But inexplicably, as soon as Nelson Mandela, F W de Klerk and 19 other political leaders had pledged their commitment to South Africa's first democratic constitution, the tune wafted from the loudspeaker system at Johannesburg's World Trade Centre.

The mournful piano accompaniment seemed to have an effect on Mr de Klerk, whose moist eyes betrayed a truth rarely remarked upon, that he is a deeply sentimental man. As for Mr Mandela, for whom 3am is wake-up time, he was fresh as a daisy, flashing his famous smile. Since the ANC president, who is 75, had a plane to catch at 7am, his minders deemed it wise to put him to bed and spare him the party that followed.

Drinks, the World Trade Centre announced, were on the house. So was the cake. It was the birthday of the ANC's chief negotiator, Cyril Ramaphosa. The man who, in a pleasing little 'new South Africa' ceremony, presented him with the cake was his opposite number in the government, Roelf Meyer. Mr Meyer made a brief speech. Mr Ramaphosa, who was 41, made one in reply, replete with cliches about 'the birth of a new nation' that came across as profound.

Mr Ramaphosa, Mr Meyer and their negotiating cast of hundreds had been going to bed at two and waking up at six every day the previous week. As the night wore on some 80 stalwarts - politicians, lawyers, journalists - dug deep into the supplies of champagne, whisky and beer. Professor Kader Asmal, the ANC's most illustrious constitutional expert, caused a sensation with his high-voltage response to the Beach Boys' 'Surfing USA' and 'Barbara Ann'. Roused by 'Rock around the Clock', Albie Sachs, another legal expert and member of the ANC's executive, grabbed a female journalist and hurled her around with his left hand, his right arm having been blown off in a car-bomb explosion in Maputo a few years back.

Mr Meyer took the floor fleetingly with the other twin star of the negotiations, Mr Ramaphosa, who remained there with his wife till long after first light. Each time Mr Ramaphosa paused for refreshment he went up, smiling broadly, to the more retiring Mr Meyer. Each time they shook hands, or traded a 'high five'.
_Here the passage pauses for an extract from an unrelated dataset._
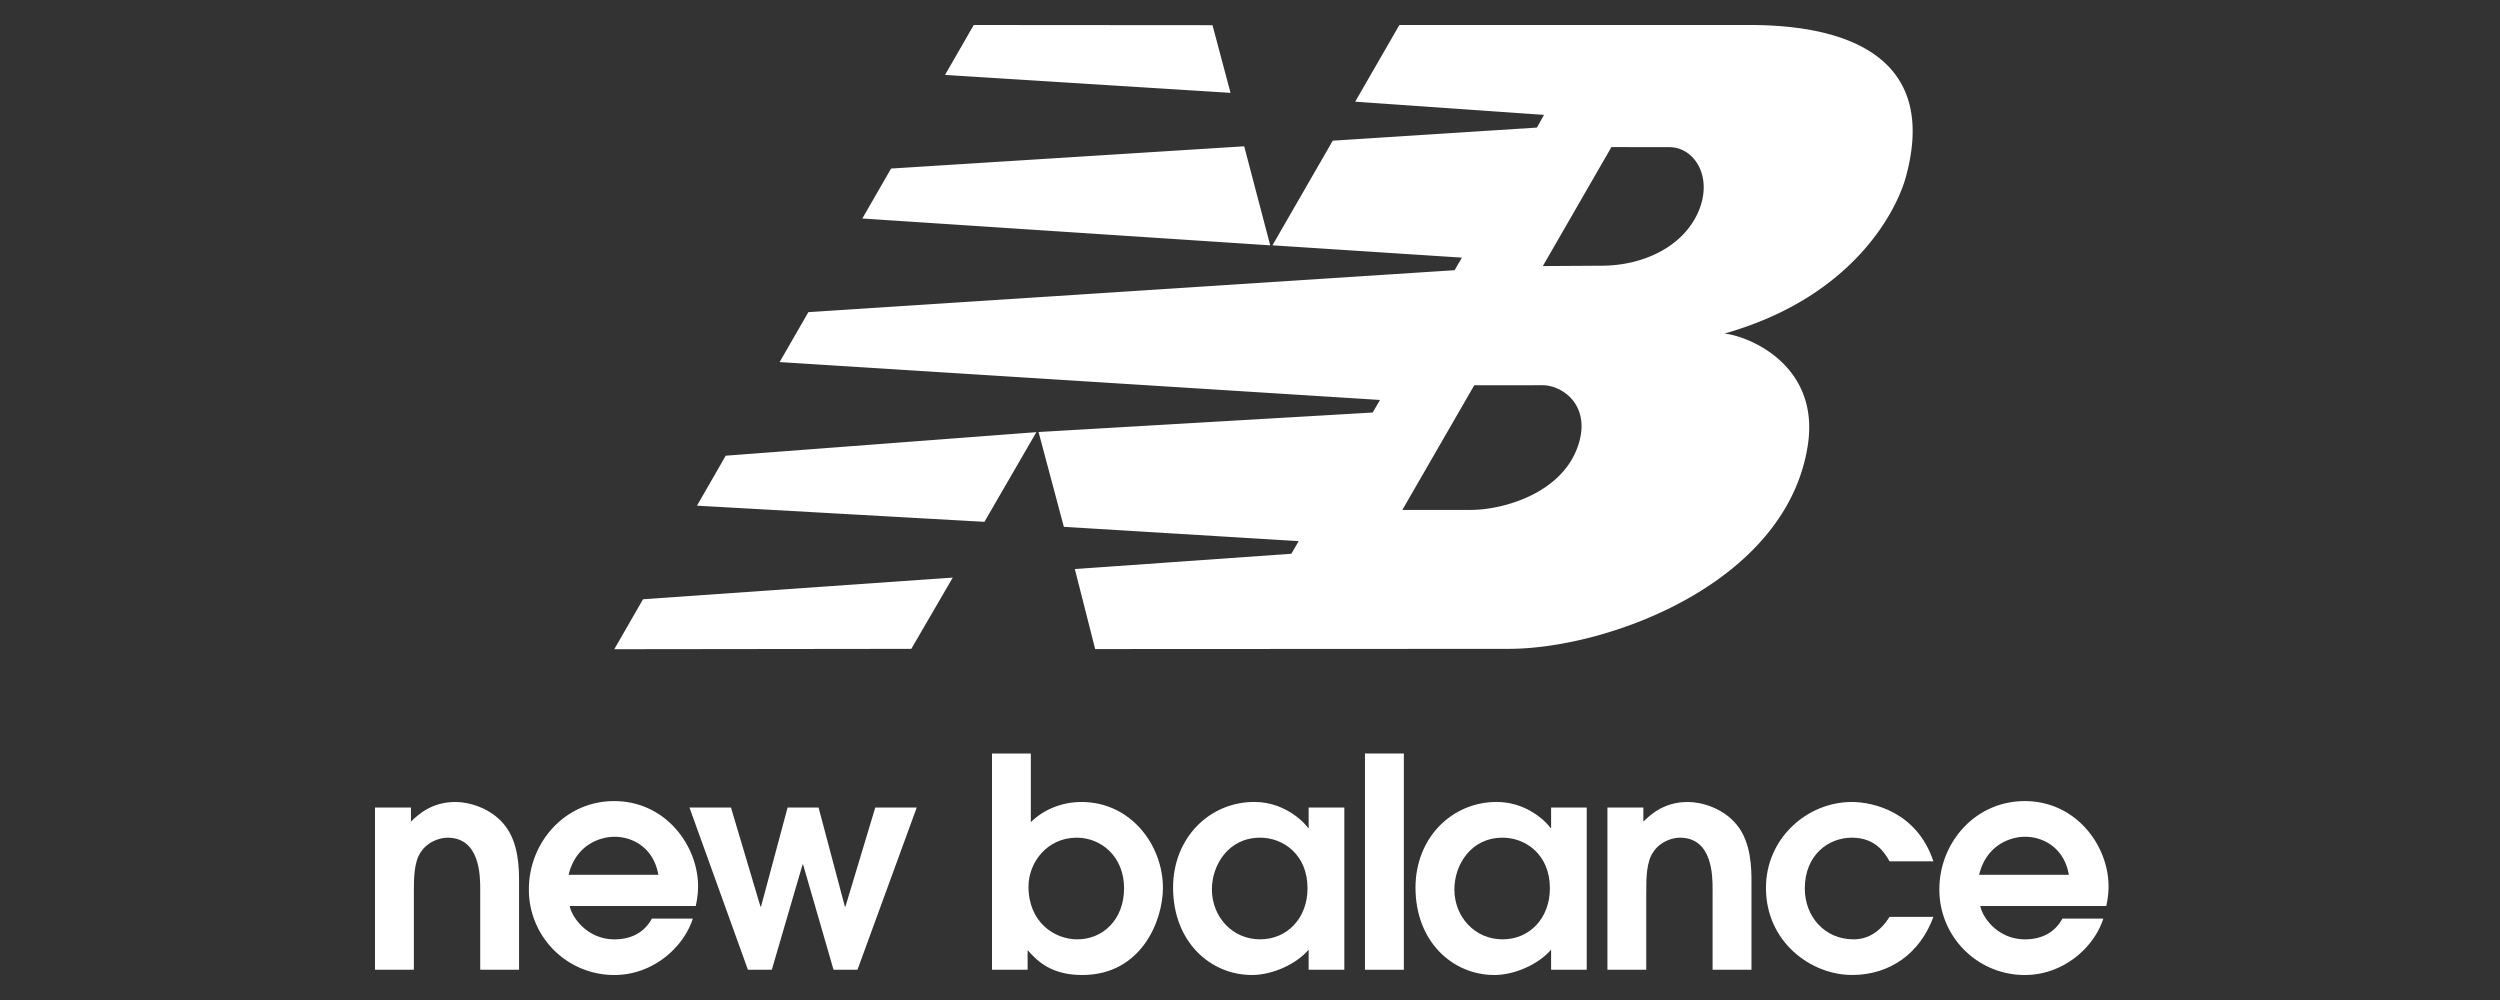 <svg xmlns="http://www.w3.org/2000/svg" width="100" height="40" fill="none"><rect width="100%" height="100%" fill="#333333" stroke="none"/><path fill="#fff" d="M15 38.789h1.554v-3.086c0-.55 0-1.227.282-1.624.28-.432.783-.572 1.063-.572 1.31 0 1.31 1.543 1.31 2.08v3.202h1.553v-3.506c0-.504 0-1.59-.596-2.302-.536-.655-1.39-.902-1.95-.902-.983 0-1.52.54-1.778.785v-.563H15v6.488Z"/><path fill="#fff" fill-rule="evenodd" d="M27.83 36.241c.044-.21.093-.479.093-.782 0-1.635-1.298-3.415-3.355-3.415-2 0-3.413 1.685-3.413 3.52A3.41 3.41 0 0 0 24.58 39c1.52 0 2.757-1.086 3.132-2.255h-1.637c-.292.537-.805.829-1.495.829-1.11 0-1.719-.912-1.79-1.333h5.04Zm-5.086-1.25c.292-1.205 1.263-1.52 1.836-1.52.771 0 1.577.479 1.753 1.52h-3.589Z" clip-rule="evenodd"/><path fill="#fff" d="M29.917 38.789h.956l1.229-4.207h.022l1.217 4.207h.958L36.67 32.3h-1.659l-1.193 3.963h-.023l-1.053-3.963h-1.238l-1.063 3.963h-.023l-1.18-3.963h-1.66l2.338 6.488Z"/><path fill="#fff" fill-rule="evenodd" d="M39.68 38.789h1.425v-.783c.384.433.936.994 2.187.994 2.371 0 3.225-2.186 3.225-3.484 0-1.716-1.286-3.437-3.26-3.437-.726 0-1.486.27-2.024.808V30.14H39.68v8.649Zm1.46-3.33c0-.947.736-1.952 1.928-1.952.983 0 1.895.758 1.895 2.022 0 1.26-.854 2.045-1.871 2.045-.911 0-1.953-.678-1.953-2.115ZM53.773 32.301h-1.427v.82h-.023c-.047-.094-.831-1.043-2.15-1.043-1.8 0-3.25 1.439-3.25 3.427 0 2.162 1.485 3.495 3.157 3.495.817 0 1.776-.434 2.266-1.015v.804h1.427v-6.488Zm-1.472 3.228c0 1.204-.82 2.045-1.895 2.045-1.11 0-1.93-.9-1.93-1.999 0-.97.656-2.068 1.93-2.068.924 0 1.895.677 1.895 2.022Z" clip-rule="evenodd"/><path fill="#fff" d="M56.154 30.14h-1.555v8.65h1.555v-8.65Z"/><path fill="#fff" fill-rule="evenodd" d="M63.47 32.301h-1.426v.82h-.024c-.048-.094-.831-1.043-2.15-1.043-1.802 0-3.25 1.439-3.25 3.427 0 2.162 1.485 3.495 3.156 3.495.817 0 1.775-.434 2.268-1.015v.804h1.425v-6.488Zm-1.474 3.228c0 1.204-.817 2.045-1.893 2.045-1.11 0-1.928-.9-1.928-1.999 0-.97.654-2.068 1.928-2.068.923 0 1.893.677 1.893 2.022Z" clip-rule="evenodd"/><path fill="#fff" d="M64.297 38.789h1.553v-3.086c0-.55 0-1.227.282-1.624.28-.432.784-.572 1.063-.572 1.309 0 1.309 1.543 1.309 2.08v3.202h1.555v-3.506c0-.504 0-1.59-.597-2.302-.538-.655-1.39-.902-1.951-.902-.983 0-1.52.54-1.777.785v-.563h-1.437v6.488ZM75.582 36.674c-.41.654-.923.9-1.437.9-1.17 0-1.953-.923-1.953-2.034 0-1.332.936-2.033 1.882-2.033.958 0 1.322.619 1.508.945h1.754c-.666-1.999-2.445-2.373-3.262-2.373-1.788 0-3.436 1.452-3.436 3.437 0 2.151 1.786 3.483 3.448 3.483 1.52 0 2.723-.876 3.25-2.325h-1.754Z"/><path fill="#fff" fill-rule="evenodd" d="M84.25 36.241c.046-.21.092-.479.092-.782 0-1.635-1.296-3.415-3.353-3.415-2 0-3.414 1.685-3.414 3.52A3.41 3.41 0 0 0 81 39c1.519 0 2.759-1.086 3.132-2.255h-1.636c-.292.537-.805.829-1.496.829-1.11 0-1.718-.912-1.787-1.333h5.037Zm-5.085-1.25c.293-1.205 1.262-1.52 1.835-1.52.773 0 1.578.479 1.753 1.52h-3.588ZM41.455 17.286l-2.078 3.587-11.498-.646 1.15-1.999 12.426-.942Zm8.313-11.432 1.041 3.96L34.493 8.74l1.15-1.998 14.124-.89ZM38.95 1l9.55.007.721 2.707-11.42-.717 1.149-1.997Zm-.84 22.104-1.658 2.85-11.881.014 1.15-1.997 12.39-.867Zm20.86-7.693-2.876 4.985h2.74c1.268 0 3.542-.633 4.242-2.44.648-1.68-.543-2.547-1.375-2.547l-2.731.002Zm2.743-4.768 2.389-.015c1.59-.009 3.248-.736 3.855-2.212.56-1.369-.193-2.535-1.19-2.53l-2.31-.003-2.744 4.76Zm-10.815-.83 2.412-4.186 8.166-.524.285-.508-7.553-.528L55.975 1 69.982 1c4.307 0 7.493 1.54 6.255 6.069-.373 1.372-2.124 4.825-7.258 6.272 1.09.13 3.804 1.333 3.336 4.45-.83 5.53-7.99 8.161-11.971 8.163l-16.537.008-.814-3.2 8.66-.61.295-.507-9.394-.572-1.012-3.792 13.366-.78.291-.503-24.014-1.515 1.15-1.997 25.85-1.678.292-.503-7.578-.492Z" clip-rule="evenodd"/></svg>

Not that the Afrikaner contingent in the room all played the wallflower. Marius Kleynhans, a portly senior official in Mr de Klerk's office, was inspired by Bob Marley into arguably the most sinuous performance of the evening.

Thabo Mbeki, the ANC's national chairman, danced relentlessly but with the gravitas of a man who knows that on a day not far off he will probably succeed Mr Mandela as president of South Africa. Mr Mbeki dissolved with laughter when someone shouted that he was perhaps the first man in the world to have smoked a pipe while dancing to Michael Jackson.